EXERCISE DESCRIPTION:
Here, the job is to give back every entry below unchanged, omitting pictures.

Start of DATA EXTRACTS

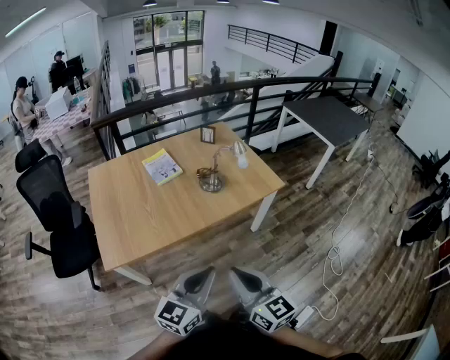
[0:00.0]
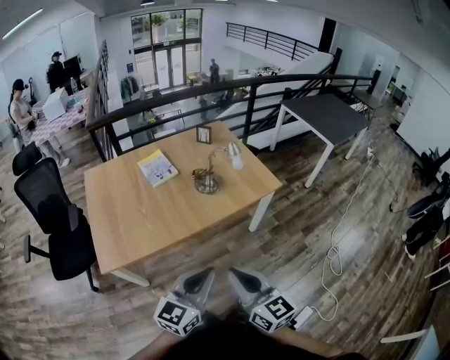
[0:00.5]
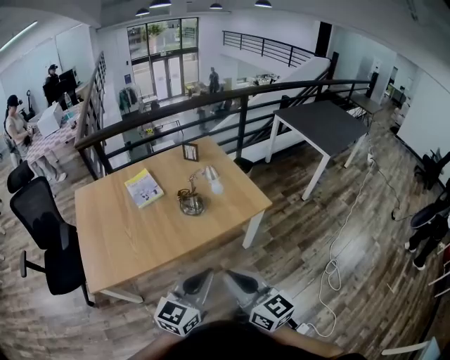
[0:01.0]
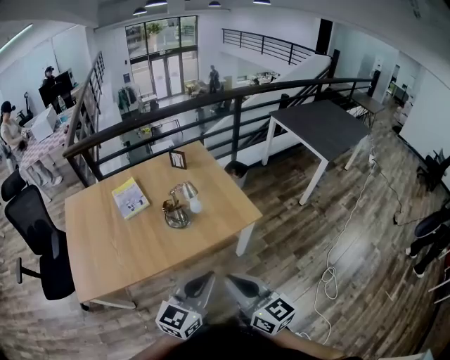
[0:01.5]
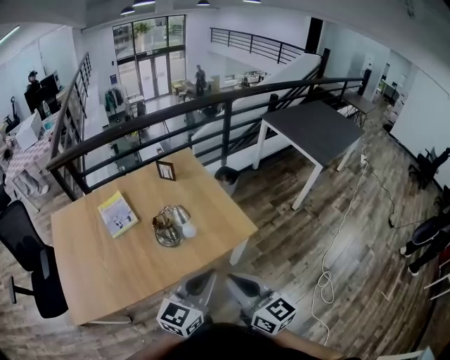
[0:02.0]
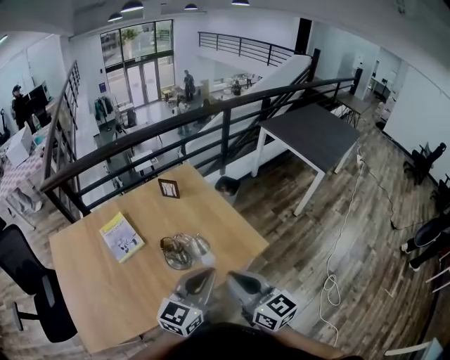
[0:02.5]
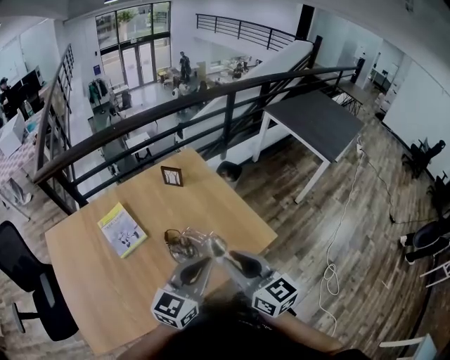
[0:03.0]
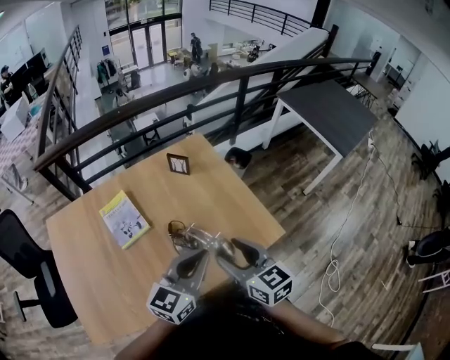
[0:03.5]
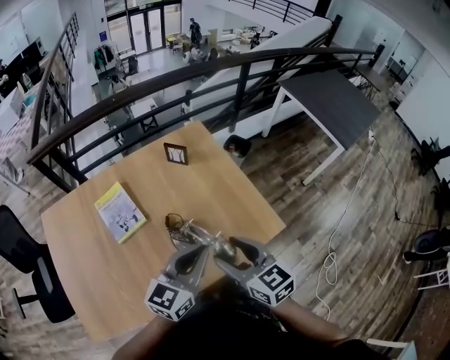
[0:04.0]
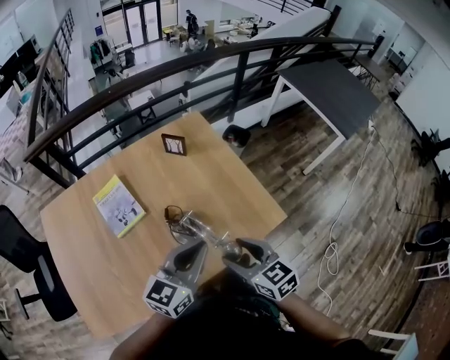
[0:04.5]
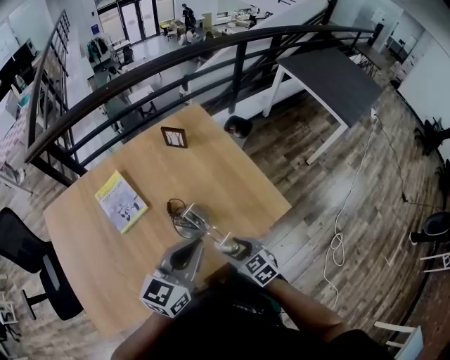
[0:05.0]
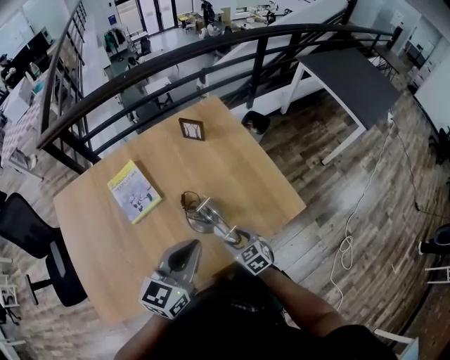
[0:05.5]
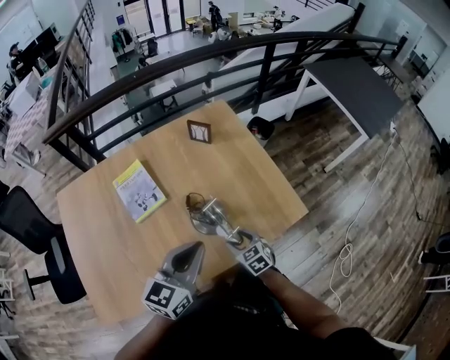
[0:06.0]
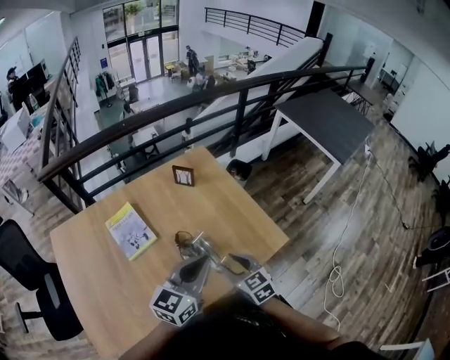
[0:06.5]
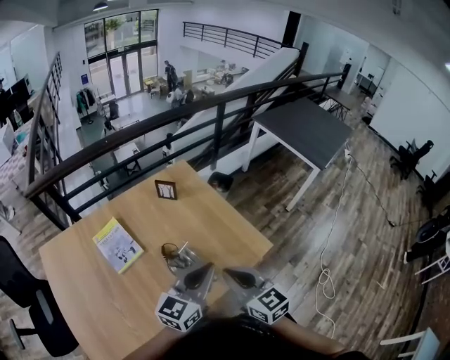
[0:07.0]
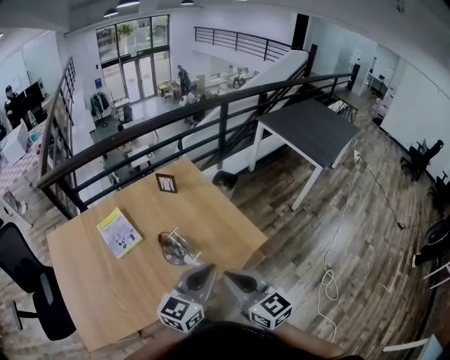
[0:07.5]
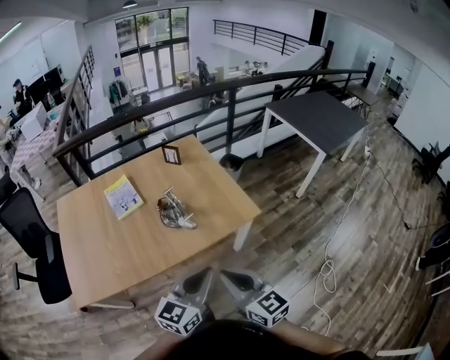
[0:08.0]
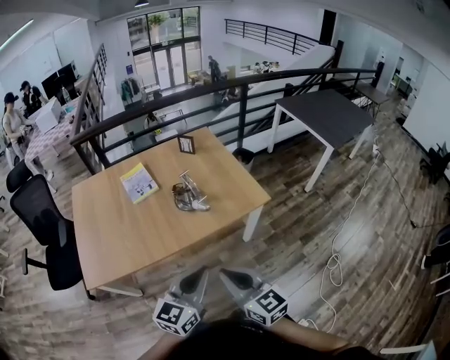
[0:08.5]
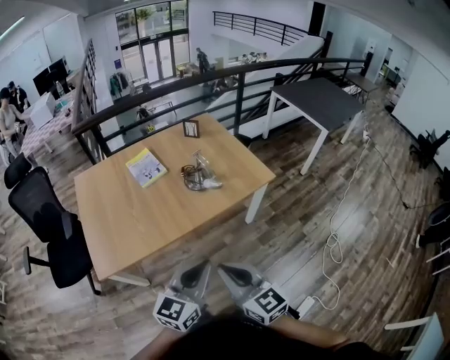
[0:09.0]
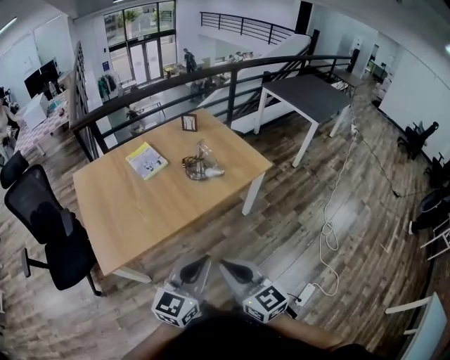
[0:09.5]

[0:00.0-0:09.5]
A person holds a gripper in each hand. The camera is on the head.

End of DATA EXTRACTS

RESPONSE AREA:
[0:00.0]
[0:00.5]
[0:01.0]
[0:01.5]
[0:02.0]
[0:02.5]
[0:03.0]
[0:03.5]
[0:04.0]
[0:04.5]
[0:05.0]
[0:05.5]
[0:06.0]
[0:06.5]
[0:07.0]
[0:07.5]
[0:08.0]
[0:08.5]
[0:09.0]
[0:09.5]

[0:00.0-0:09.5]
A person holds a gripper in each hand. The camera is on the head.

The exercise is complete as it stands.